Dwi mengungkapkan bahwa Kejaksaan Negeri (Kejari) Kota Bogor pun telah memanggil dan melakukan pemeriksaan terhadap kliennya dan empat orang saksi dalam kasus ini.
“Para saksi yang diperiksa adalah orang tua siswa SDN Cibereum 1, dan mereka bersaksi bahwa klien saya tidak pernah meminta uang dari para orang tua.
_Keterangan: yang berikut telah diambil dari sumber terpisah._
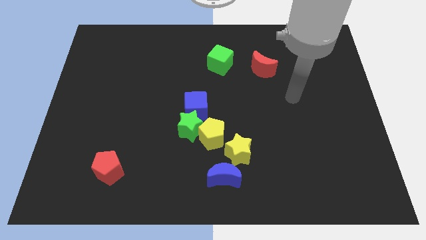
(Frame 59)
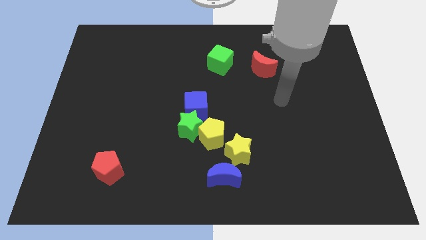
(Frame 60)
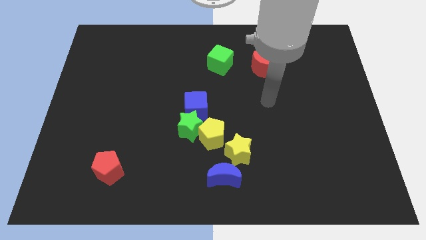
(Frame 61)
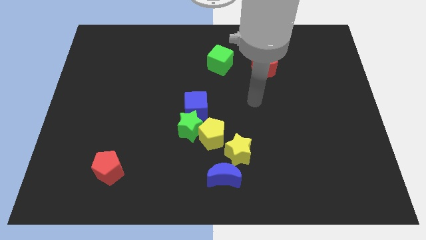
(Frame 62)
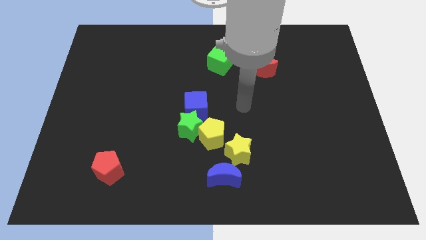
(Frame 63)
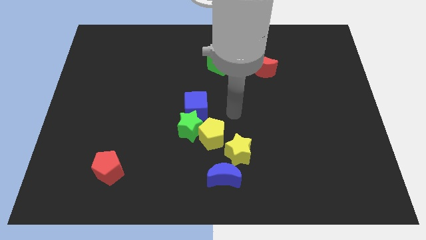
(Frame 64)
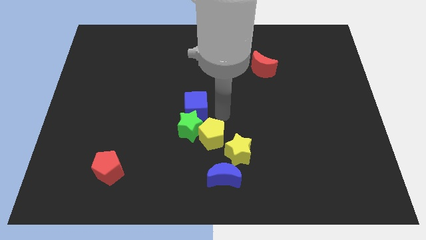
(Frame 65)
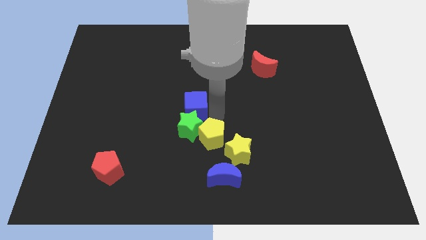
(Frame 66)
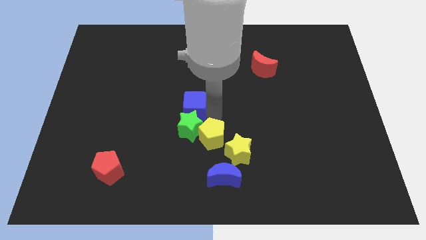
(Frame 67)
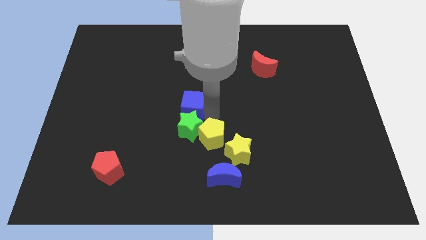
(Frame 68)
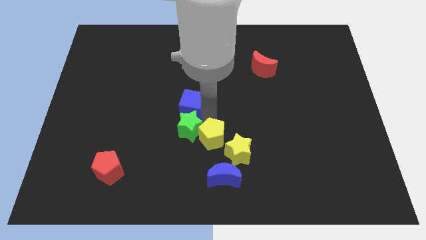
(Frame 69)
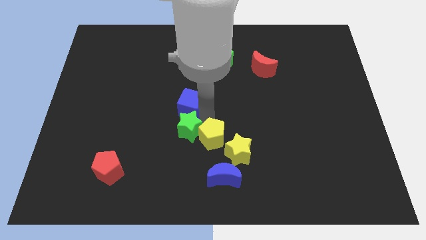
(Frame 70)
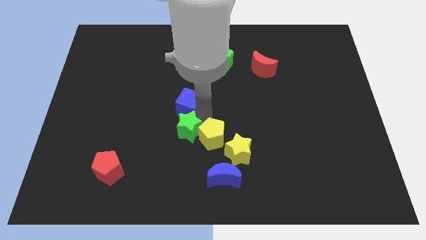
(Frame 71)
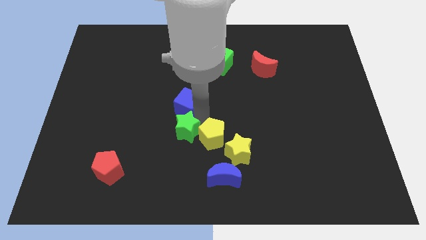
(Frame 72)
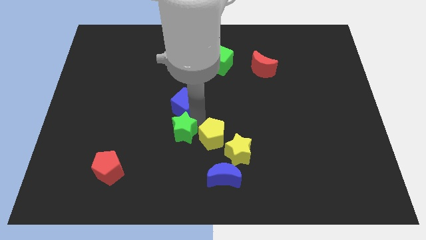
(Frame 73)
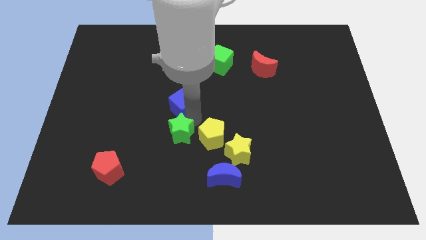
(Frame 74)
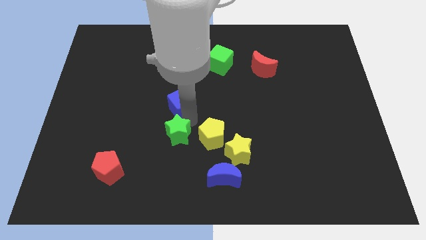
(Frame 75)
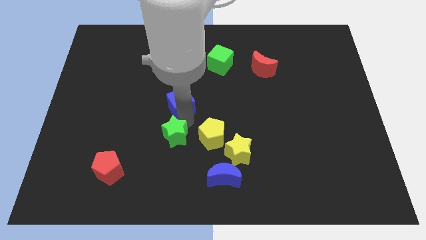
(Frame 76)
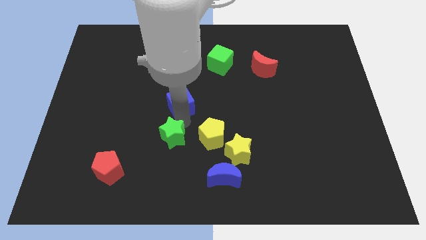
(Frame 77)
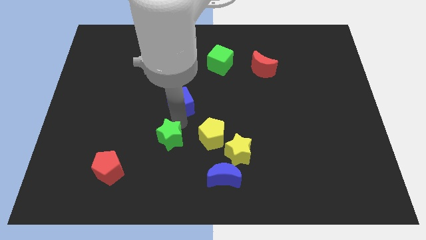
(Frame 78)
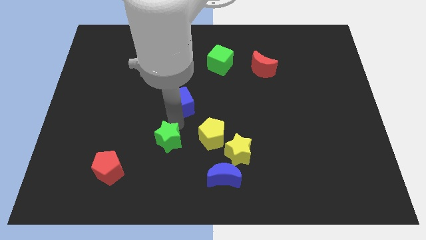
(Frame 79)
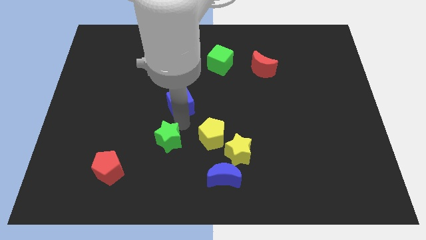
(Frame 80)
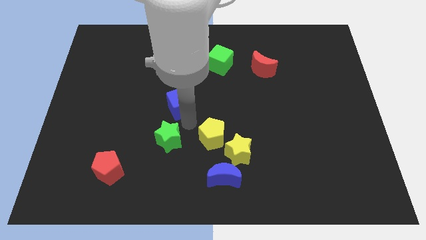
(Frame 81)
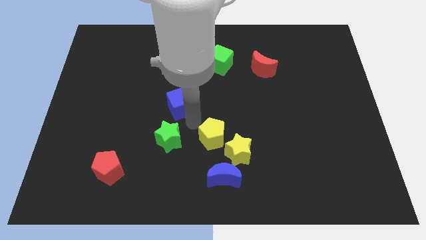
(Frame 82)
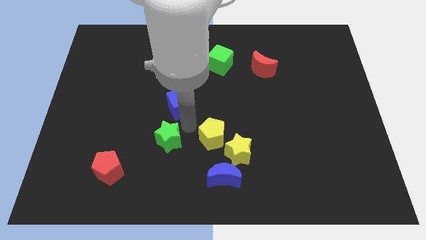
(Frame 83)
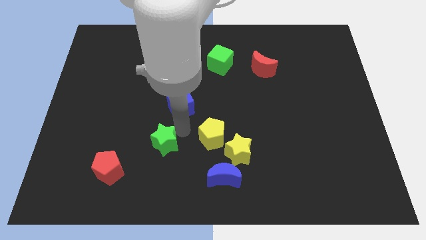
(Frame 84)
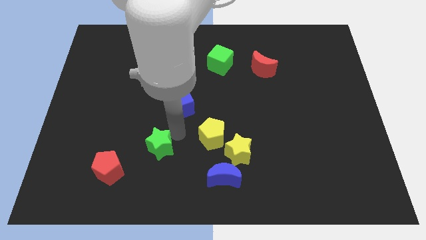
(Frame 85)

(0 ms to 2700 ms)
move the green star away from the yellow pentagon and blue cube

Pemeriksaan dimulai pada pukul 14:00 – 17:00 WIB pada 18 September 2023,” katanya.
Ia menyebut bahwa penyebab kliennya dicopot sebagai Kepala SDN Cibereum 1 karena teriakan dari dua orang guru melaporkan kliennya ke Dinas Pendidikan (Disdik) dan Inspektorat lantaran diduga melakukan pungli pada saat PPDB, Juni 2023 lalu.
“Kedua guru yang diduga mengabarkan berita bohong ini berstatus guru honorer, sementara satu lagi berstatus Pegawai Pemerintah dengan Perjanjian Kerja (PPPK),” katanya.
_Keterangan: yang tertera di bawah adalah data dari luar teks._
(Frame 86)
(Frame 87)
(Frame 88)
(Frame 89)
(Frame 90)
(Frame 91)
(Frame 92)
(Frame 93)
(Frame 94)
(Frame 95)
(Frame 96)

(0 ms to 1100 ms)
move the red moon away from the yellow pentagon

Menurut Dwi, seharusnya pencopotan dan penurunan pangkat adalah berdasarkan hasil pemeriksaan Inspektorat Kota Bogor. “Sementara hasil pemeriksaan Inspektorat juga tidak berimbang dan kebenarannya pun tidak valid karena pihak orang tua siswa pun tidak pernah dipanggil untuk dimintai keterangan,” katanya.
Padahal, sambung dia, tujuan pemeriksaan saksi adalah untuk mendapatkan keterangan, petunjuk, alat bukti dan kebenaran keterlibatan terduga pelaku tindak pidana.
“Pada 13 September 2023 terjadi demonstrasi, yang diduga diarahkan. Kita punya semua bukti. Secara aturan hukum anak-anak SD itu tidak boleh disuruh-suruh nangis disuruh pura-pura teriak, bawa poster dalam hal ini ada dugaan mereka ini adalah provokator,” bebernya.